Primary teachers have two main ways they can do this. The first is to make story time sacrosanct, the second is by creating a culture where children choose to read in their own time.
Story time is not merely a nice, relaxing time at the end of a busy day - though it might be that as well - it is a crucial time for children to fall in love with books through listening to excellent stories passionately told.
The pleasurable aspect might mislead us into thinking that it lacks the rigour of ‘proper’ teaching and that, therefore, it is at the very least dispensable and probably a waste of valuable time. But let’s consider the opportunity cost of not prioritising building a culture of reading.

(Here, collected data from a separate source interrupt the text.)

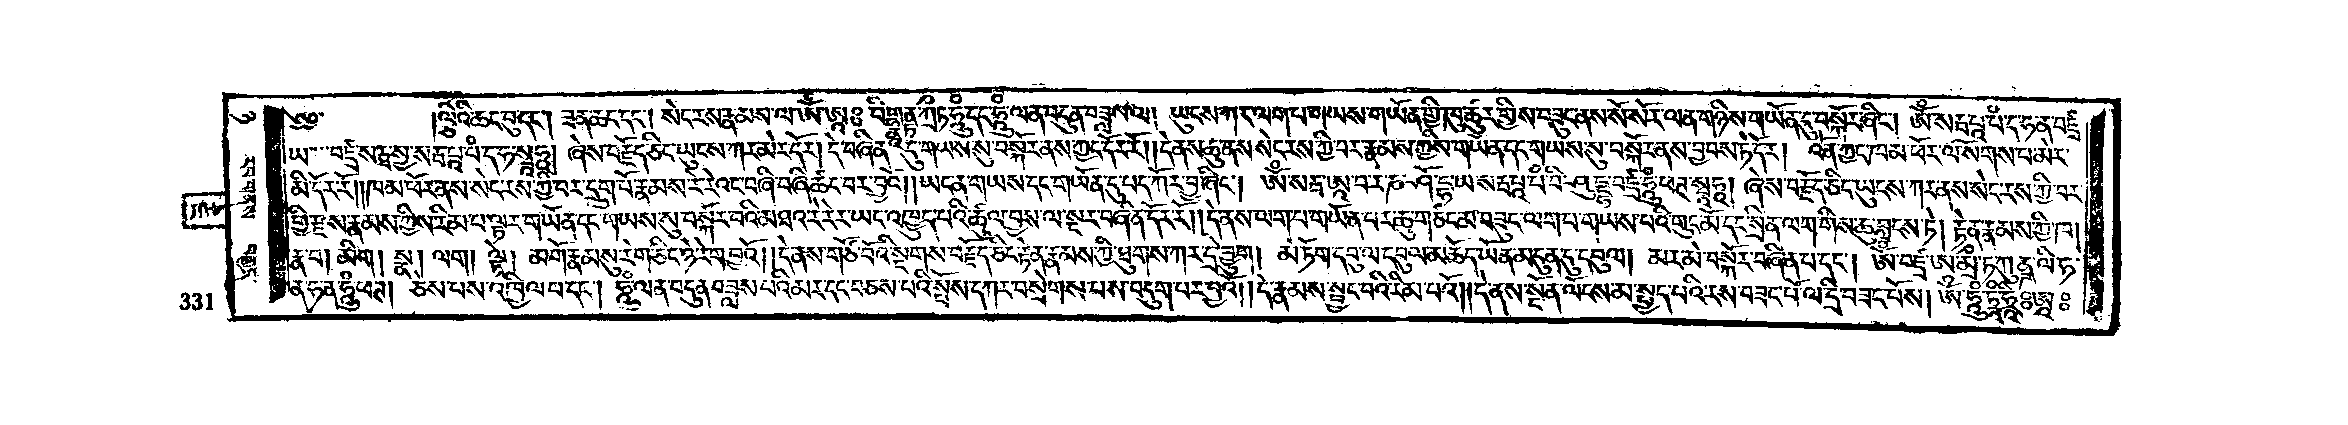༄༅། །ལྕིའི་ཆང་བུ་དང་། ཟན་ཆང་དང་། སེང་རས་རྣམས་ལ་ཨོཾ་ཨཱཿ བིགྷྣཱནྟ་ཀྲྀ་ཏ་ཧཱུཾ་དང་ཧཱུཾ་ལན་བདུན་བཟླས་ལ། ཡུངས་ཀར་ལག་པ་གཡས་གཡོན་གྱི་ཁུ་ཚུར་གྱིས་བཟུང་ནས་སོ་སོར་ལན་གཉིས་གཡོན་དུ་བསྐོར་ཞིང་། ཨོཾ་སརྦ་པཱ་པཾ་ད་ཧ་ན་བཛྲ་
ཡ་བཛྲ་སཏྭ་སྱ་སརྦ་པཱ་པཾ་ད་ཧ་སྭཱ་ཧཱ། ཞེས་བརྗོད་ཅིང་ཡུངས་ཀར་མེར་དོར། དེ་བཞིན་དུ་གཡས་སུ་བསྐོར་ནས་ཀྱང་དོར་རོ། །དེ་ནས་ཆུ་ནས་སེང་རས་ཀྱི་བར་རྣམས་ཀྱིས་གཡོན་དང་གཡས་སུ་བསྐོར་ནས་བྱབས་ཏེ་དོར། འོན་ཀྱང་ཁམ་ཕོར་ལ་སོགས་པ་མེར་
མི་དོར་རོ། །ཁམ་ཕོར་ནས་སེང་རས་ཀྱི་བར་དྲུག་པོ་རྣམས་རེ་རེའང་བཞི་བཞི་ཚང་བར་བྱའོ། །ཡང་ན་གཡས་དང་གཡོན་དུ་པད་ཀོར་བྱ་ཞིང་། ཨོཾ་སརྦ་ཨཱ་བ་ར་ཎ་ཤོ་དྷ་ཡ་སརྦ་པཱ་པཾ་བི་ཤུདྡྷ་བཛྲ་ཧཱུཾ་ཕཊ་སྭཱ་ཧཱ། ཞེས་བརྗོད་ཅིང་ཡུངས་ཀར་ནས་སེང་རས་ཀྱི་བར་
གྱི་རྫས་རྣམས་ཀྱིས་རིམ་པ་ལྟར་གཡོན་དང་གཡས་སུ་བསྐོར་བའི་མཐའ་རེ་རེར་ཡང་འཁྱུད་པའི་ཚུལ་བྱས་ལ་སྔར་བཞིན་དོར་རོ། །དེ་ནས་ལག་པ་གཡོན་པར་ཆུ་གཙང་མ་བཟུང་ལག་པ་གཡས་པའི་གུང་མོ་དང་སྲིན་ལག་གིས་ཆུ་བླངས་ཏེ། རྟེན་རྣམས་ཀྱི་ཁ།
རྣ་བ། མིག །སྣ། ལག །ལྟེ། མགོ་རྣམས་སུ་རེག་ཅིང་ཉེ་རེག་བྱའོ། །དེ་ནས་གཙོ་བོའི་སྔགས་བརྗོད་ཅིང་རྟེན་རྣམས་ཀྱི་ཐུགས་ཀར་དྲེ་བྱུག །མེ་ཏོག་དབུ་ལ་དབུལ་མཆོད་ཡོན་མདུན་དུ་དབུལ། མར་མེ་བསྐོར་བཞིན་པ་དང་། ཨོཾ་བཛྲ་ཨ་མྲྀ་ཏ་ཀུནྜ་ལི་ཧ་
ན་ཧ་ན་ཧཱུཾ་ཕཊ། ཅེས་པས་འཁྱིལ་པ་དང་། ཧཱུཾ་ལན་བདུན་བཟླས་པའི་མར་དང་བཅས་པའི་སྤོས་དཀར་བསྲེགས་པས་བདུག་པར་བྱའོ། །དེ་རྣམས་སྦྱང་བའི་རིམ་པའོ། །དེ་ནས་སྔོན་ལོངས་མ་སྤྱད་པའི་རས་བཟང་པོ་ལ་དྲི་བཟང་པོས། ཨོཾ་ཧཱུཾ་ཏྲཱཾ་ཧྲཱིཿ ཨཱཿ

The OECD report goes on to explore the factors that make reading for pleasure at home - what it terms reading engagement - more likely. Socio-economic factors are not the main determiners. What really makes the difference is whether or not the family has a culture of valuing reading and talking about cultural matters and doing cultural things.

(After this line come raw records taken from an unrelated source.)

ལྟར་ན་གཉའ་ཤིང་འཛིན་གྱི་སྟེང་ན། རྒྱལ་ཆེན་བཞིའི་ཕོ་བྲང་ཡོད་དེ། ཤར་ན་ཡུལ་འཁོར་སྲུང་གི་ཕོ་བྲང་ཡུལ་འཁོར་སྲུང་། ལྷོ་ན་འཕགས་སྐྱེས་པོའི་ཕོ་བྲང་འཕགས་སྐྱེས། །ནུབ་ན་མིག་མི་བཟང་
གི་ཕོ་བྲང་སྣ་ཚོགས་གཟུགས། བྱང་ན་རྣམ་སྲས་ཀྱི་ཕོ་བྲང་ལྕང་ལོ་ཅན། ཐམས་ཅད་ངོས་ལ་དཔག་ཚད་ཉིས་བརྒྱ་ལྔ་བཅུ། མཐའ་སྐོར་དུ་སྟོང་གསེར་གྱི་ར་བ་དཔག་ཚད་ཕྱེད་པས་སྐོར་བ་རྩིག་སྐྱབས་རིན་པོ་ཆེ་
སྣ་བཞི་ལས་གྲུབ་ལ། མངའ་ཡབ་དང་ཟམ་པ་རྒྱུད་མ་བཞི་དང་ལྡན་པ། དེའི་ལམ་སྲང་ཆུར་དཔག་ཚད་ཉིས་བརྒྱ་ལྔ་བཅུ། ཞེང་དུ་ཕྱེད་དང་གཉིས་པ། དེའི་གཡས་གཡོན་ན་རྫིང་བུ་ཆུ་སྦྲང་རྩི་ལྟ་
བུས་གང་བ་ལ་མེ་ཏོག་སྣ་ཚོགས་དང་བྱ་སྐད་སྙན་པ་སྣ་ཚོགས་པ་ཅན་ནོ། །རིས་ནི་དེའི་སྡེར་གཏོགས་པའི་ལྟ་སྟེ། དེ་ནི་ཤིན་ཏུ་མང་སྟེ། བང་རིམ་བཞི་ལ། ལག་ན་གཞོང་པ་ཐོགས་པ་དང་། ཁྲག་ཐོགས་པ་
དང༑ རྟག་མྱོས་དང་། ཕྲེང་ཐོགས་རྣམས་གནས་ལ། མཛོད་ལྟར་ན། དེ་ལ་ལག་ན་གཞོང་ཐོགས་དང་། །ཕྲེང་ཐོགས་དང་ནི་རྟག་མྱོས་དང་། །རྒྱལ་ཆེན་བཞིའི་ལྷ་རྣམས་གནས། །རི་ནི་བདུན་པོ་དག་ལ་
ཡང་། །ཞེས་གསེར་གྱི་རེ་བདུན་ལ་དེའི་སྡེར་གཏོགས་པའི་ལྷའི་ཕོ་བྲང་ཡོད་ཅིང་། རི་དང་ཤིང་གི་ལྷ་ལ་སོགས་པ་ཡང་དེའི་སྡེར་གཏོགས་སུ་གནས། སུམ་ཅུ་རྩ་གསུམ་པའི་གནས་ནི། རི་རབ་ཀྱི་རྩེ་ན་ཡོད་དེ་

“These associations are about twice as strong as between engagement and parental education or occupational status. Thus the most important set of home disadvantages for schools to overcome in getting students to develop positive reading habits and attitudes are not socio-economic but cultural in character,” says the report.
Given that one in five parents does not spend any time reading with their children and over half of those surveyed spent less than an hour a week doing it, for many schools it is down to us to build that culture.
We need to help children build an emotional relationship with books and that means trying to replicate, as far as one can in a classroom with 30 children, the experience of snuggling up with a trusted adult and a wonderful book.
Talking about the book together is important - how else will children realise that reading can be an enjoyable social activity? But we need to make sure this does not turn into another literacy lesson. Reading aloud should not be linked to other “work”.
We need ‘to recognise the affective impact of reading to “reassure, to entertain, to bond, to inform or explain, to arouse curiosity, to inspire” (Trelease, 2013:04). This is about the building of spiritual and moral capital.
4. Guide children’s choices
The other key way that teachers can promote reading for pleasure is by being proactive in helping children choose what they take home to read.
Children need guidance with this; they need us to recommend books for them and for these recommendations to be based on knowledge of the child and what makes them tick allied with our own knowledge of children’s books.
Being the sort of teacher who can inspire every child to enjoy reading is grounded in hard work. It involves a different kind of rigour from that involved in planning a geography lesson, for example.
Yet behind both is a need for excellent subject knowledge. Acquiring excellent subject knowledge in children’s literature requires a rigorous commitment to read it on a regular basis.
Developing excellence in being able to promote reading for pleasure is just as grounded in hard work and developing requisite subject knowledge as any other aspect of developing one’s professional repertoire.